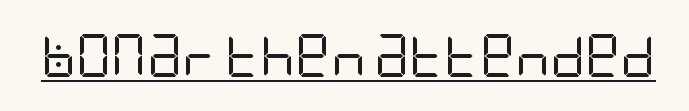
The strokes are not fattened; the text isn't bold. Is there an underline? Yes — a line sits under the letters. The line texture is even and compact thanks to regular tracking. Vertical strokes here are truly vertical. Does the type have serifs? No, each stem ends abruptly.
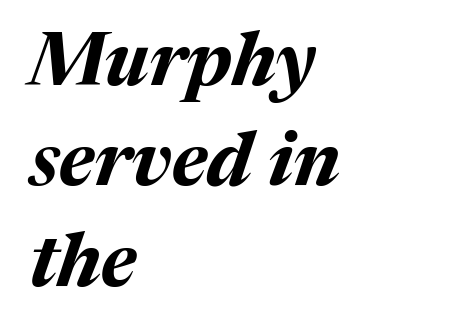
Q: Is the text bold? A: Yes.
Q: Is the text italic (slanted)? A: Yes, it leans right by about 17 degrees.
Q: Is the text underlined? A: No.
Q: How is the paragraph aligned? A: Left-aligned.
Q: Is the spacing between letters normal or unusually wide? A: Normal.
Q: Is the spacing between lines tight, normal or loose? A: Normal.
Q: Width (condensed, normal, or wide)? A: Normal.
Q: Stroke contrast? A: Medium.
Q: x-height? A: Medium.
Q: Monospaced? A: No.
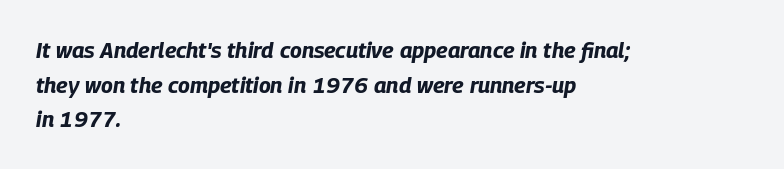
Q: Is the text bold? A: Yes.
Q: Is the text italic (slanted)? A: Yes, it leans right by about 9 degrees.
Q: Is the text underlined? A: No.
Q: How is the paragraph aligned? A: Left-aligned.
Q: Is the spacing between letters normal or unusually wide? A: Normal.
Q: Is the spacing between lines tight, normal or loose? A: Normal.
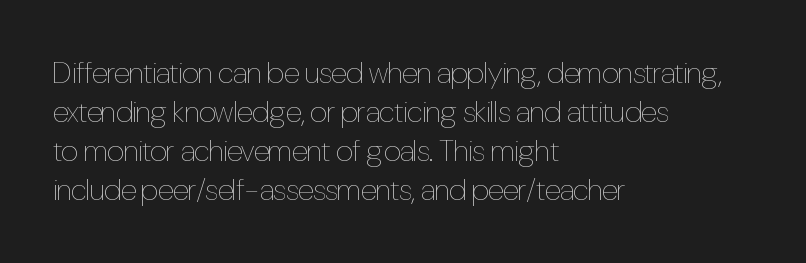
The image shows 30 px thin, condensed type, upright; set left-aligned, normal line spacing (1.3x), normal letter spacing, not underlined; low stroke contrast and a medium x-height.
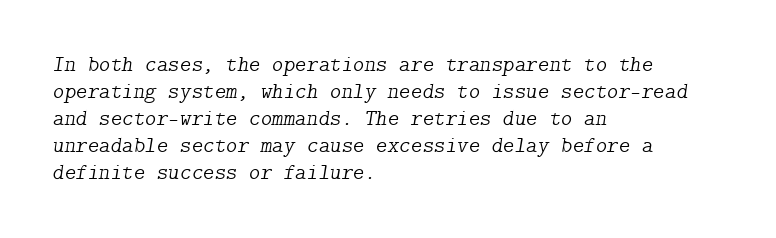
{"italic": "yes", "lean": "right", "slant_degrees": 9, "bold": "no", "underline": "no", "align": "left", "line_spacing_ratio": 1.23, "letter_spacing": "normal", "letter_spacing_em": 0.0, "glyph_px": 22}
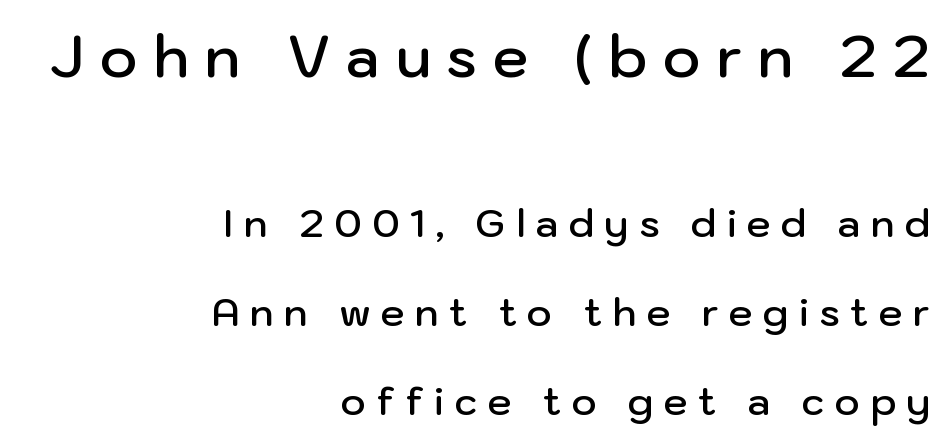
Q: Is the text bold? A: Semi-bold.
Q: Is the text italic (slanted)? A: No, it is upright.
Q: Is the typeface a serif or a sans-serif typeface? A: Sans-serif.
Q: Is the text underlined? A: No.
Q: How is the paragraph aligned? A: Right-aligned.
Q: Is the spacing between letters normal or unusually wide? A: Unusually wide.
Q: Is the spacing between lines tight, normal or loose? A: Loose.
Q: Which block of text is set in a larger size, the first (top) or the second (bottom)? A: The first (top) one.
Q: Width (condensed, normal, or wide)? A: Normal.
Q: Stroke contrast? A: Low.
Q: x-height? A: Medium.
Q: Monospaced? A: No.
=-=-=
**Exercise goal:**
Where an entry contains an image, drop the image and copy everything else word for word.

**Answer space:**
The strokes are not fattened; the text isn't bold. Is there an underline? Yes — a line sits under the letters. The line texture is even and compact thanks to regular tracking. Vertical strokes here are truly vertical. Does the type have serifs? No, each stem ends abruptly.
Q: Is the text bold? A: Yes.
Q: Is the text italic (slanted)? A: Yes, it leans right by about 17 degrees.
Q: Is the text underlined? A: No.
Q: How is the paragraph aligned? A: Left-aligned.
Q: Is the spacing between letters normal or unusually wide? A: Normal.
Q: Is the spacing between lines tight, normal or loose? A: Normal.
Q: Width (condensed, normal, or wide)? A: Normal.
Q: Stroke contrast? A: Medium.
Q: x-height? A: Medium.
Q: Monospaced? A: No.
Q: Is the text bold? A: Yes.
Q: Is the text italic (slanted)? A: Yes, it leans right by about 9 degrees.
Q: Is the text underlined? A: No.
Q: How is the paragraph aligned? A: Left-aligned.
Q: Is the spacing between letters normal or unusually wide? A: Normal.
Q: Is the spacing between lines tight, normal or loose? A: Normal.
The image shows 30 px thin, condensed type, upright; set left-aligned, normal line spacing (1.3x), normal letter spacing, not underlined; low stroke contrast and a medium x-height.
{"italic": "yes", "lean": "right", "slant_degrees": 9, "bold": "no", "underline": "no", "align": "left", "line_spacing_ratio": 1.23, "letter_spacing": "normal", "letter_spacing_em": 0.0, "glyph_px": 22}
Q: Is the text bold? A: Semi-bold.
Q: Is the text italic (slanted)? A: No, it is upright.
Q: Is the typeface a serif or a sans-serif typeface? A: Sans-serif.
Q: Is the text underlined? A: No.
Q: How is the paragraph aligned? A: Right-aligned.
Q: Is the spacing between letters normal or unusually wide? A: Unusually wide.
Q: Is the spacing between lines tight, normal or loose? A: Loose.
Q: Which block of text is set in a larger size, the first (top) or the second (bottom)? A: The first (top) one.
Q: Width (condensed, normal, or wide)? A: Normal.
Q: Stroke contrast? A: Low.
Q: x-height? A: Medium.
Q: Monospaced? A: No.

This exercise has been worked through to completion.